Poe, Edgar Allan
About the Author:
Edgar Allan Poe was born in Boston, USA on the 19th January 1809. He was, variously, a writer, poet, editor and literary critic. Poe died, under somewhat mysterious circumstances in Baltimore, USA in 1849.
AVERAGE REVIEW SCORE:
3 out of 5
The Complete Stories
A collection of all of Poe's prose fiction including classic short stories such as 'The Fall of the House of Usher', 'The Pit and the Pendulum', 'The Telltale Heart', 'The Murders in the Rue Morgue' and his only novel, 'The Narrative of Arthur Gordon Pym'.
Poe is a titan of 19th Century literature and is (albeit debatably) the most influential American writer of all time. His grasp of the macabre was second to none and, as a result, there are some truly exceptional short stories on offer here. However, it has to be admitted that just because he was a great writer, it doesn't mean that everything he wrote was great.
What's good here is truly brilliant, with Poe's cunning prose doing an amazing job of not only setting the tone of his stories but also getting you invested in feelings of the characters.

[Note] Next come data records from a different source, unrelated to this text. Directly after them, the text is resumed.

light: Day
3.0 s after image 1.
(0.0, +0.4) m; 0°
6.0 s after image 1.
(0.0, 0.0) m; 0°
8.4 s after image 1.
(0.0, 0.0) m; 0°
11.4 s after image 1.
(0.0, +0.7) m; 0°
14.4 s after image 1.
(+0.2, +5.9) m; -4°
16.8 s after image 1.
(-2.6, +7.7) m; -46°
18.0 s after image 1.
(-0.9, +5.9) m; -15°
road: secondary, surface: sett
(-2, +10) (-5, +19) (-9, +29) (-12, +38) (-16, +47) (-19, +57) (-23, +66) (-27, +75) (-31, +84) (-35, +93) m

Nowhere is this more apparent than in 'The Narrative of Arthur Gordon Pym', which sees the titular character stow away on a ship going to sea, face ruthless mutineers, survive being cast adrift and, eventually, journeying farther into the Antarctic than any explorer before him. Having read this epic adventure story, it came as no surprise to me to then learn that it was considered one of the primary influences on the great Jules Verne's scientific romances.

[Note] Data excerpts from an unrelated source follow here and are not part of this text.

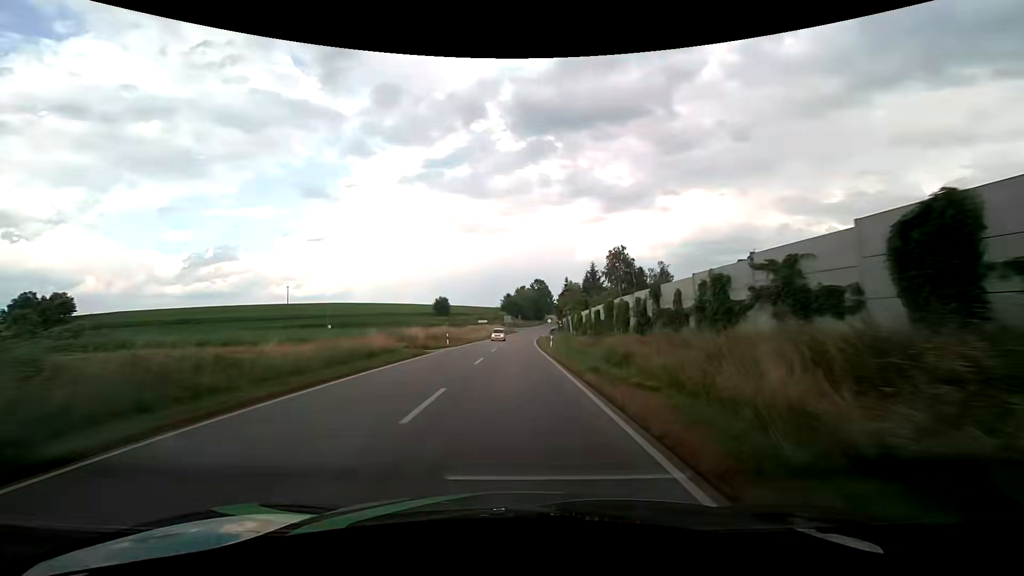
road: secondary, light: Day
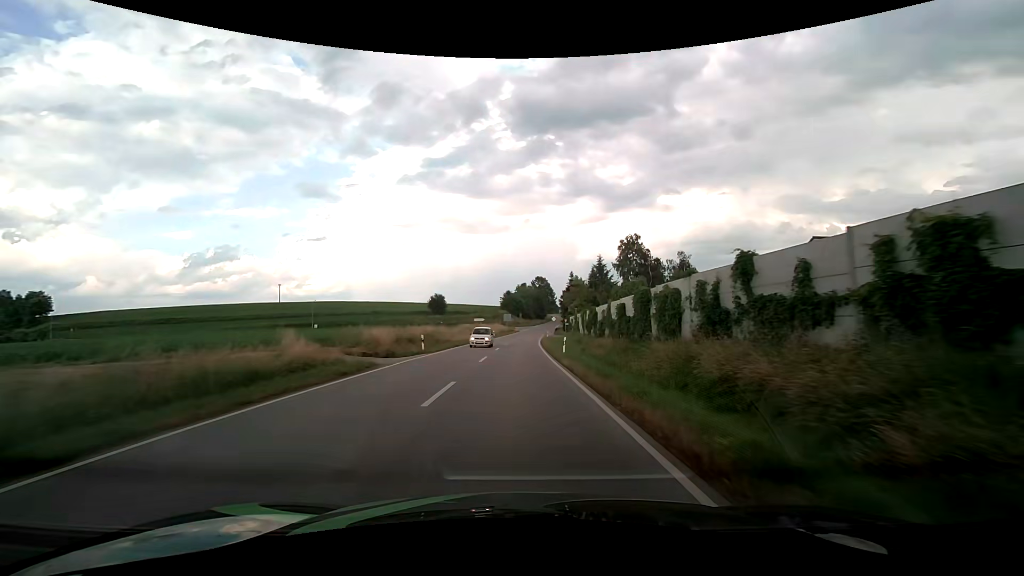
(0.0, +10.5) m; 0°
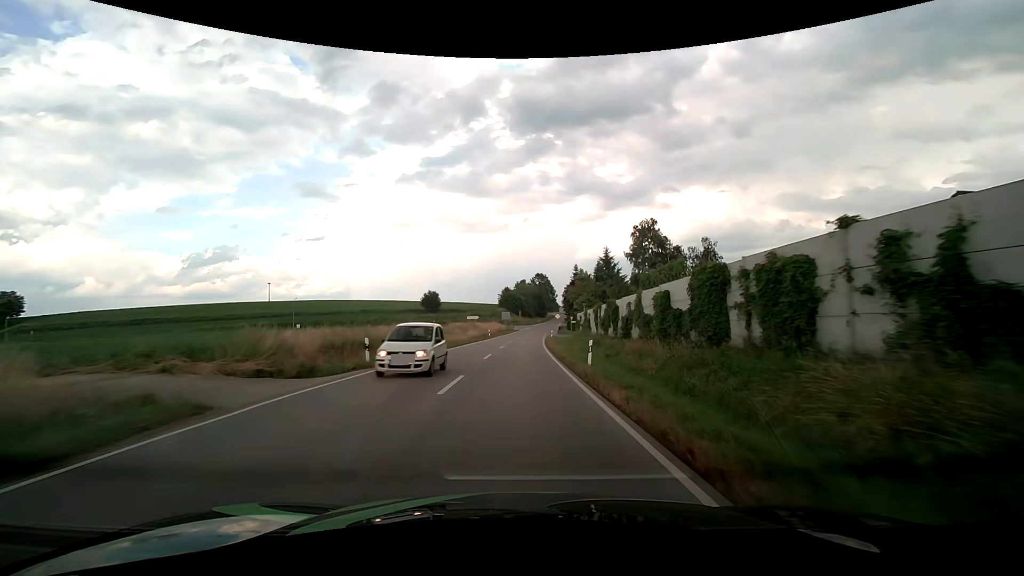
(0.0, +10.5) m; 0°
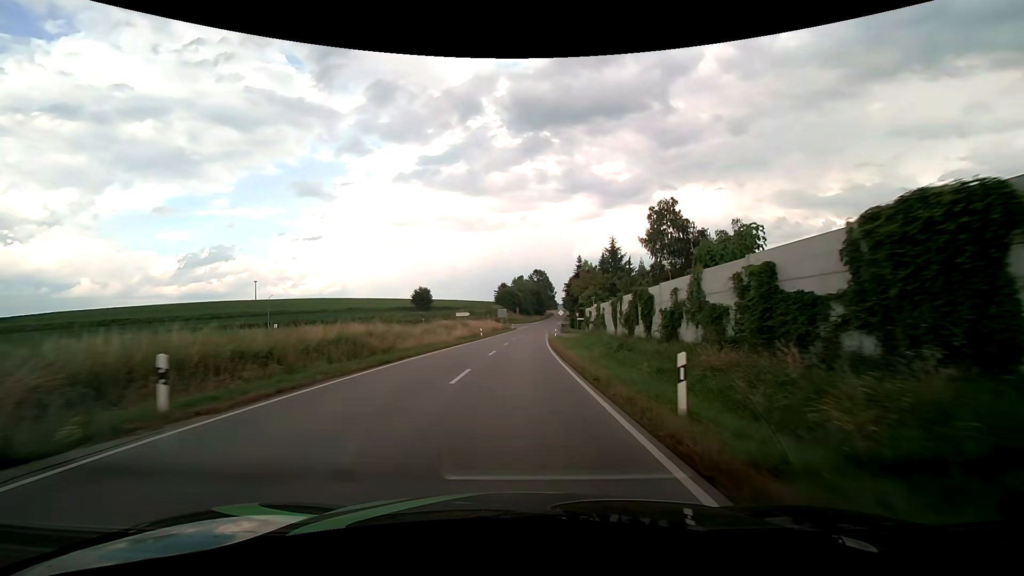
(0.0, +10.4) m; 0°
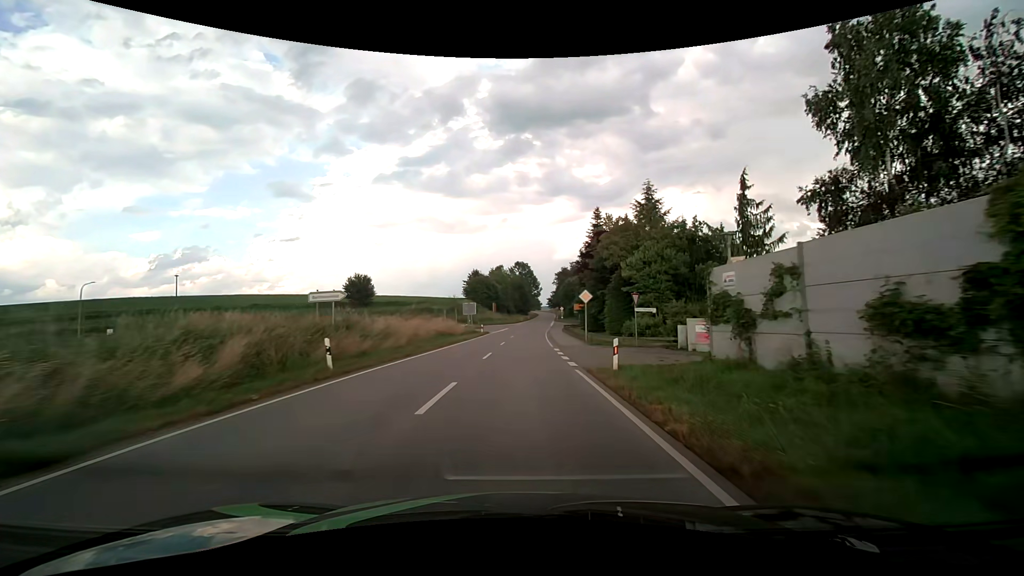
(+0.7, +40.1) m; +2°
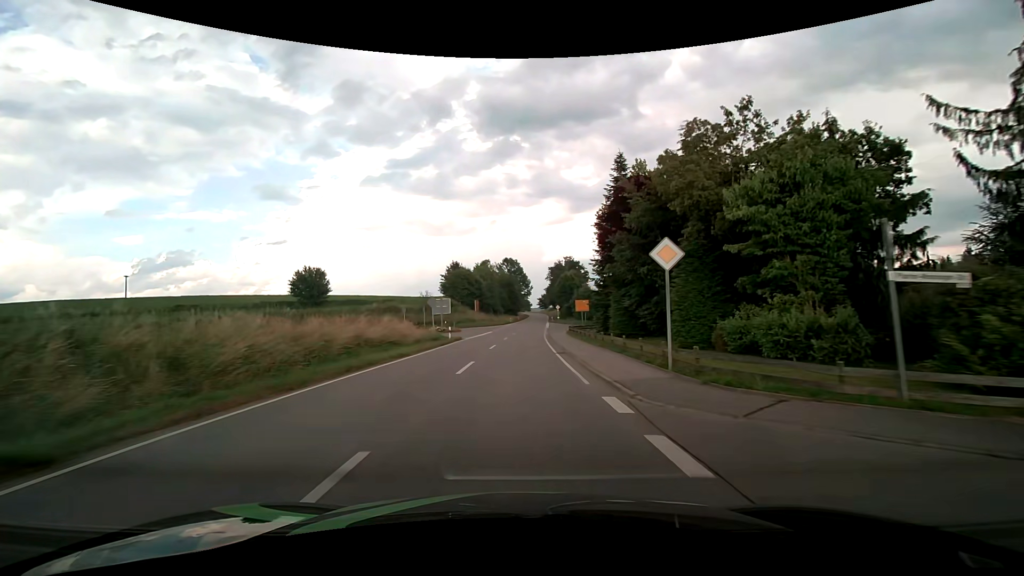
(+0.2, +18.1) m; +1°
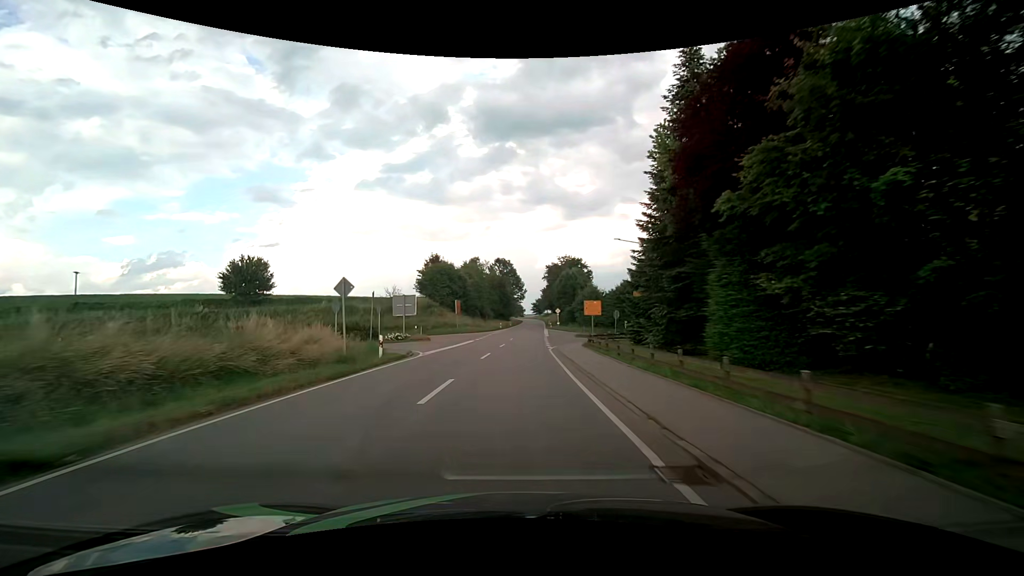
(+0.1, +16.4) m; +1°
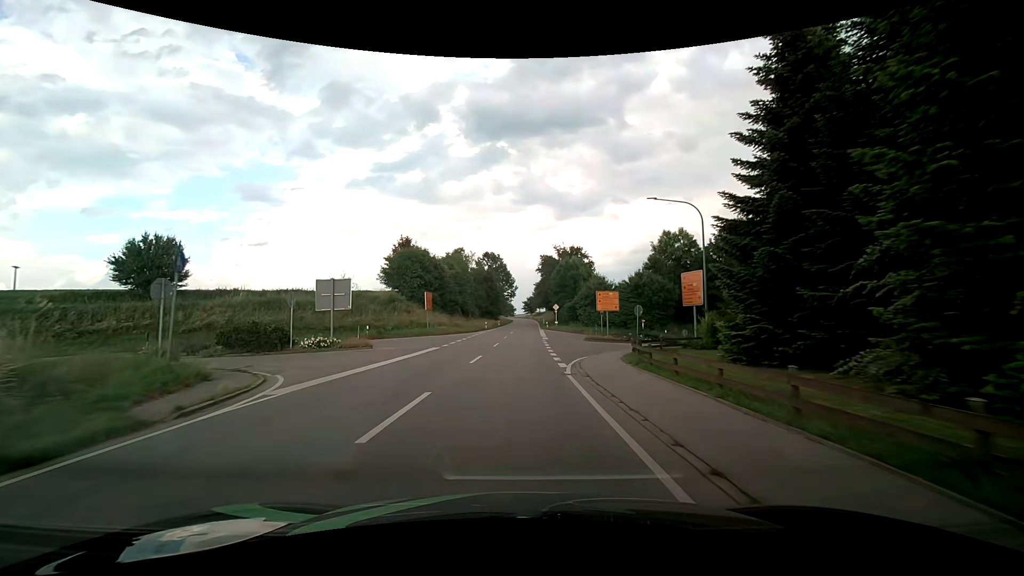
(+0.1, +14.7) m; +1°
(0, +10) (0, +20) (0, +30) (-4, +38) (-14, +36) (-22, +30) (-31, +26) (-40, +22) (-50, +20) (-60, +18) m

Of course it is Poe's horror stories that he's most famous for and having them all collected here allows you to see the deep trauma that his young (cousin-) wife's death left on his psyche, with numerous stories tackling the concepts of recently departed loved ones, not to mention a seeming morbid fascination with the idea of premature burial.
Also here we have 'The Murders in the Rue Morgue', the story with which Poe created the detective mystery genre as we know it, paving the way for the likes of Arthur Conan Doyle and Agatha Christie. If you've never read this story and don't know 'whodunnit', then I recommend seeking it out just for the way the story seems to subvert a genre that it only just invented. Seriously, it's bonkers.
As I've said though, not everything here is gold. In fact there are various pieces of writing here which I found incredibly tedious. Many of these were Poe's satirical diatribes which, whilst perhaps witty at the time, come across now as positively bitchy. Okay Edgar, we get it; you don't like the editor of that rival magazine!
I would say in conclusion then, that this is definitely not the best way to experience Poe's work if, like me, it was his 'speculative fiction' which interests you. Or, at least, I wouldn't recommend reading it from cover to cover as I did; there's just too much tedium between the moments of undeniable genius. Maybe either pick up a collection just of his better stories or keep this on a shelf and dip into it from time to time (avoiding the pitfalls).